At the eponymous mega-website of Arianna Huffington, a 2,000-plus comment thread was filled with allusions to “teabaggers”.

In the early aftermath of the suicidal pilot’s attack, there was no evidence that Stack belonged to a Tea Party organization. In any case, no law-abiding Tea Party group would ever condone what he did. But it didn’t stop the haters from immediately smearing advocates of limited government. And it’s just the latest in a long line of calculated attempts to paint the vast majority of peaceful Tea Party activists as terrorist threats to civil society.

Absurd liberal pundits and bloggers also tried to connect the tragic University of Alabama-Huntsville murders to the Tea Party movement. No matter that the alleged killer, Amy Bishop, was an Obama-worshiping academic who repeatedly got a soft-on-crime pass. Or that Democratic Rep. William Delahunt of Massachusetts was the former prosecutor involved in dropping charges against Bishop in the deadly shooting of her teenage brother. Or that liberal-dominated campus officials apparently looked the other way in response to Bishop’s several red-flag flashes of violence leading up to the U of A shootings.
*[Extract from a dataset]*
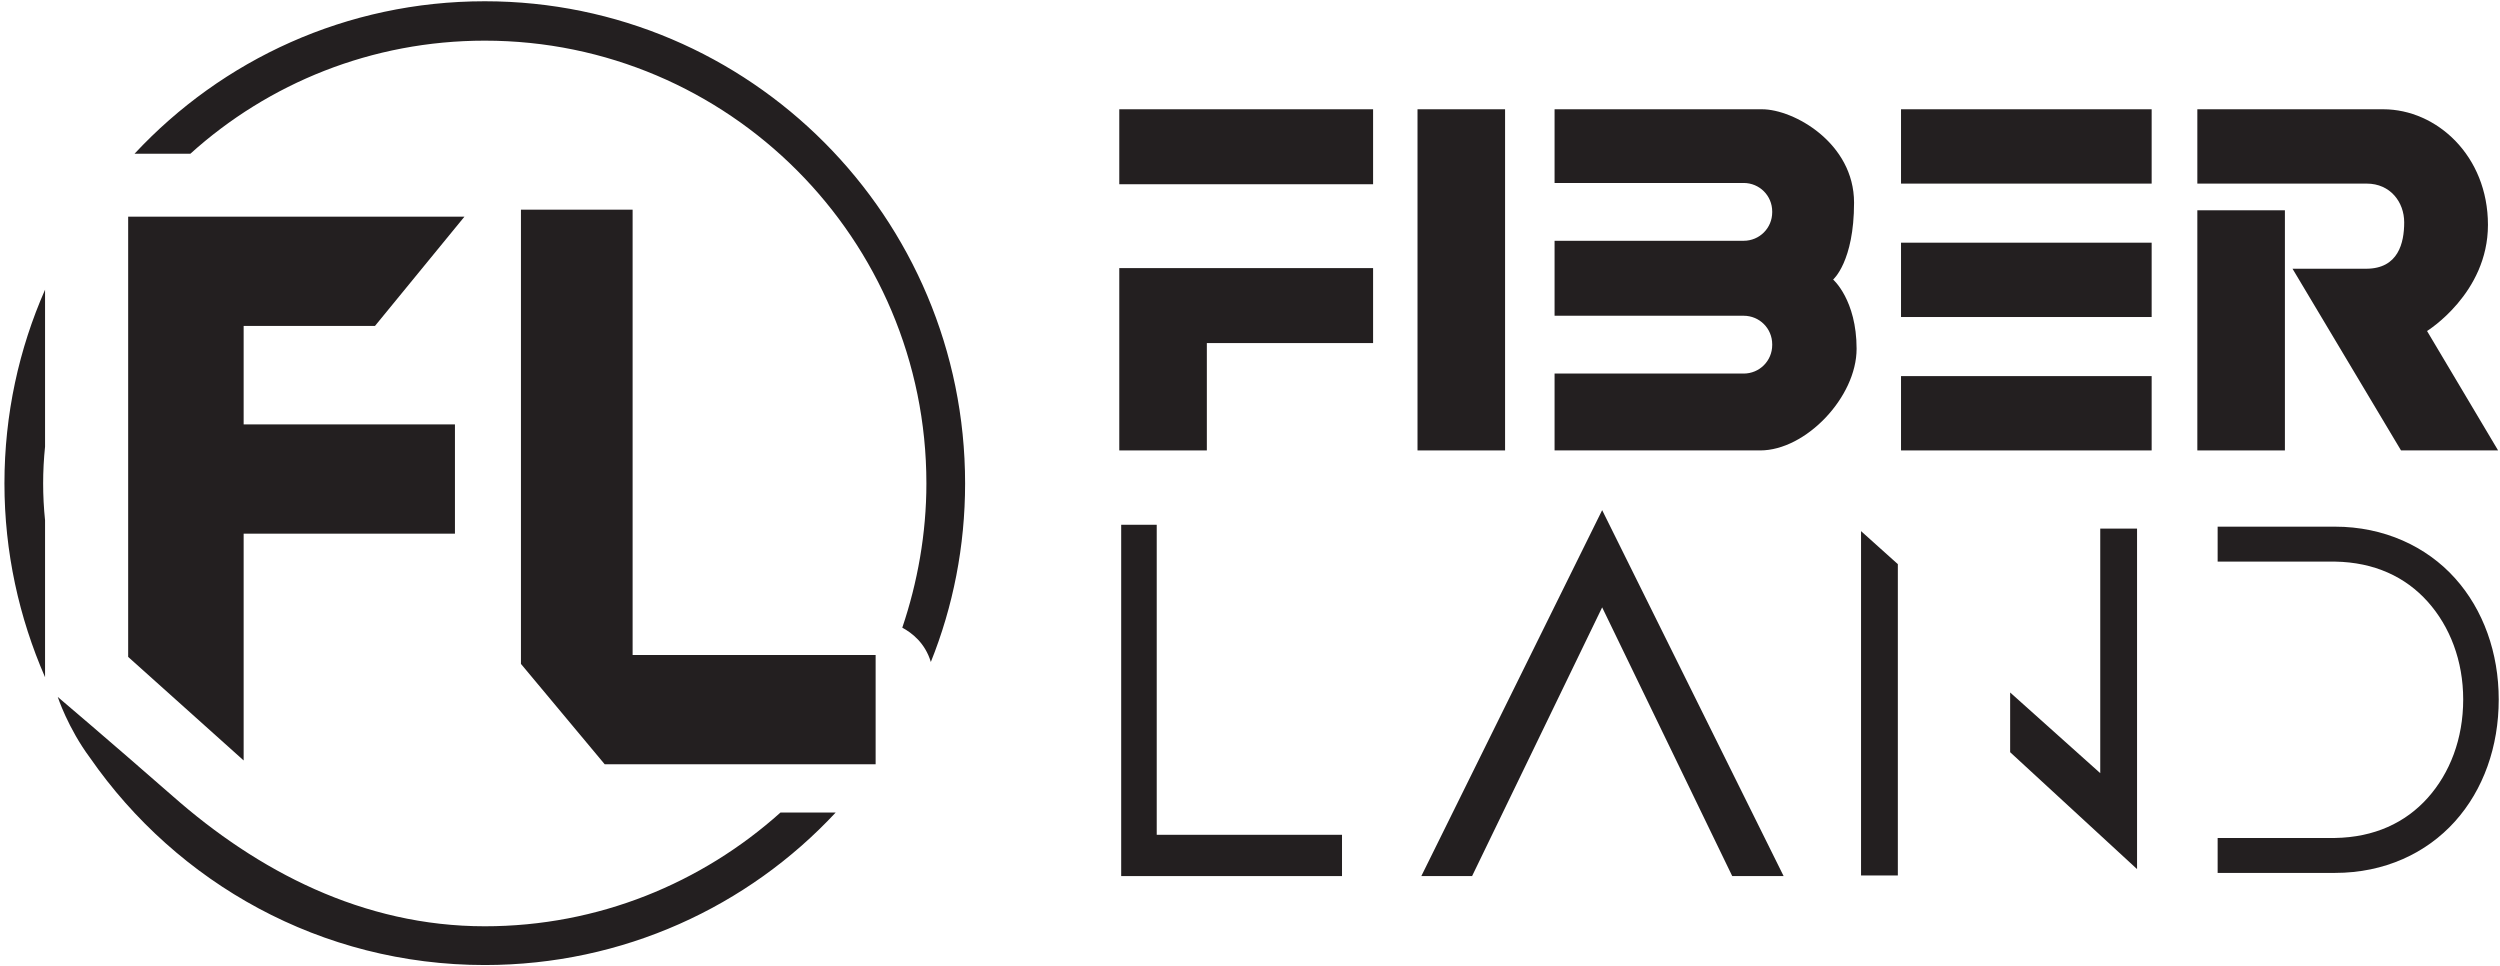 <?xml version="1.0" encoding="UTF-8"?> <svg xmlns="http://www.w3.org/2000/svg" width="233" height="90" viewBox="0 0 233 90" fill="none"><g clip-path="url(#clip0_700_1632)"><path d="M107.807 48.908H104.495V81.651H125.075V77.803H107.807V48.908Z" fill="#231F20"></path><path d="M132.467 81.651H137.198L149.321 56.605L161.444 81.651H166.234L149.321 47.546L132.467 81.651Z" fill="#231F20"></path><path d="M173.449 81.592H176.879C176.879 81.592 176.879 60.75 176.879 52.579L173.449 49.5C173.449 52.283 173.449 81.592 173.449 81.592Z" fill="#231F20"></path><path d="M195.743 72.059L187.346 64.54V70.105L199.173 81C199.173 76.559 199.173 49.263 199.173 49.263H195.743C195.743 49.263 195.743 62.526 195.743 72.059Z" fill="#231F20"></path><path d="M228.801 53.882C226.14 50.921 222.178 49.085 217.624 49.085H206.684V52.342H217.624C221.29 52.401 224.188 53.763 226.258 56.072C228.328 58.382 229.57 61.579 229.57 65.191C229.57 68.862 228.328 72.059 226.258 74.368C224.188 76.678 221.29 78.039 217.624 78.099H206.684V81.355H217.624C222.237 81.355 226.14 79.52 228.801 76.559C231.462 73.599 232.881 69.572 232.881 65.191C232.881 60.868 231.462 56.842 228.801 53.882Z" fill="#231F20"></path><path d="M104.317 17.171H127.972V10.184H104.317V17.171Z" fill="#231F20"></path><path d="M104.317 28.48V31.974V41.98H112.478V31.974H127.972V24.987H104.317V28.48Z" fill="#231F20"></path><path d="M140.273 10.184H132.112V41.98H140.273V10.184Z" fill="#231F20"></path><path d="M170.847 26.053C170.847 26.053 172.798 24.395 172.798 18.888C172.798 13.322 167.18 10.184 164.224 10.184H144.886V17.053H162.509C163.987 17.053 165.17 18.237 165.17 19.717V19.776C165.17 21.257 163.987 22.441 162.509 22.441H144.886V29.428H162.509C163.987 29.428 165.17 30.612 165.17 32.092V32.151C165.17 33.632 163.987 34.816 162.509 34.816H144.886V41.98H164.046C168.304 41.98 173.035 37.007 173.035 32.507C173.035 27.948 170.847 26.053 170.847 26.053Z" fill="#231F20"></path><path d="M177.175 17.112H200.534V10.184H177.175V17.112Z" fill="#231F20"></path><path d="M177.175 29.546H200.534V22.618H177.175V29.546Z" fill="#231F20"></path><path d="M177.175 41.98H200.534V35.053H177.175V41.98Z" fill="#231F20"></path><path d="M224.071 20.724C224.071 22.619 223.538 25.046 220.522 25.046C217.506 25.046 213.663 25.046 213.663 25.046L223.775 41.98H232.823L226.2 30.849C226.2 30.849 231.877 27.355 231.877 20.961C231.877 14.507 227.087 10.184 222.119 10.184C218.926 10.184 204.792 10.184 204.792 10.184V17.112C204.792 17.112 215.791 17.112 220.582 17.112C222.77 17.112 224.071 18.829 224.071 20.724Z" fill="#231F20"></path><path d="M212.953 19.599H204.792V41.98H212.953V19.599Z" fill="#231F20"></path><path d="M58.96 19.54H48.552C48.552 19.54 48.552 46.954 48.552 61.875L56.358 71.23C66.175 71.23 81.609 71.23 81.609 71.23V61.046H58.96V19.54Z" fill="#231F20"></path><path d="M22.708 49.737H42.401V39.553H22.708V30.375H34.95L43.288 20.191H11.945V61.224L22.708 70.875V49.737Z" fill="#231F20"></path><path d="M45.181 86.329C33.827 86.329 24.01 81.177 16.086 74.191C9.995 68.862 5.382 64.954 5.382 64.954C5.382 64.954 6.328 67.855 8.398 70.638C16.5 82.302 29.924 89.941 45.181 89.941C58.073 89.941 69.723 84.493 77.884 75.73H72.739C65.406 82.302 55.767 86.329 45.181 86.329Z" fill="#231F20"></path><path d="M45.181 0.118C32.289 0.118 20.698 5.566 12.537 14.329H17.741C25.015 7.757 34.654 3.789 45.181 3.789C67.889 3.789 86.34 22.263 86.34 45.059C86.34 49.737 85.512 54.296 84.093 58.5C84.98 58.974 86.222 59.921 86.754 61.697C88.824 56.546 89.948 50.921 89.948 45.059C89.948 20.25 69.9 0.118 45.181 0.118Z" fill="#231F20"></path><path d="M4.199 63.118V48.493C4.081 47.349 4.021 46.204 4.021 45.059C4.021 43.914 4.081 42.77 4.199 41.625V27C1.774 32.507 0.414 38.605 0.414 45.059C0.414 51.454 1.774 57.553 4.199 63.118Z" fill="#231F20"></path></g><defs><clipPath id="clip0_700_1632"><rect width="233" height="90" fill="white"></rect></clipPath></defs></svg>

Tea Party-bashers claimed the murders were a manifestation of racist conservative influence on the American landscape. Reuters Foundation Fellow Jonathan Curiel picked up the theme: “The ‘results’ that the Tea Party movement envisions include less government — and less of Obama.”

Proof of anti-Obama bigotry, Curiel wrote, could be found in “last week’s shooting in Alabama, where a disgruntled white professor murdered three minority professors; and the growing success of the Tea Party movement, which is overwhelmingly white and increasing (sic) vocal in its violent dislike of the nation’s first black president.”

The smear merchants, of course, are simply following Rahm Emanuel’s advice to exploit every crisis. Pointing fingers at the Tea Party demonizes the left’s most potent political opponents. This is the blamegamers’ ultimate agenda: criminalizing dissent.